Lighthouse on Newfoundland, Canada

Cape Pine Light was built on Cape Pine, Newfoundland by the British architect and engineer Alexander Gordon in 1851.

==Characteristics==
This lighthouse is a prefabricated, cylindrical cast iron tower, painted white with red horizontal bands. The last complete painting was undertaken in 2007.

The light characteristic is a white flash every 5 seconds, additionally a fog horn may be sounded every 60 seconds. The Canadian Coast Guard maintains the site, employing a keeper.

The lighthouse was designated a National Historic Site in 1974. The keeper originally lived in the lighthouse but found it difficult to heat, and so separate housing was built in 1851. The keeper's house was razed in the 1950s and replaced by modern housing.

The lighthouse is located about 25 km (15 mi) southwest of Trepassey, and can be accessed by an 8 km (5 mi) gravel road.

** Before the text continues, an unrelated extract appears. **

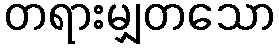
တရားမျှတသော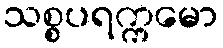
သစ္စပရက္ကမော

It is positioned at the edge of a 315-foot black slate cliff.

==Motivation for building==
In the decades before 1850, the Admiralty in the UK had become increasingly concerned about loss of shipping and loss of life near Cape Pine, which is located at the southern tip of Avalon Peninsula, at the eastern point of St. Mary's Bay. Fishermen as well as ships bound for Europe had to cope with dense fog and strong currents. At the end of the War of 1812, the British troop ship HMS Harpooner was on its way to England and ran aground in a dense fog near Cape Pine, with over 350 fatalities. More ships bound for Europe were lost in that area during the 1820s and 1830s.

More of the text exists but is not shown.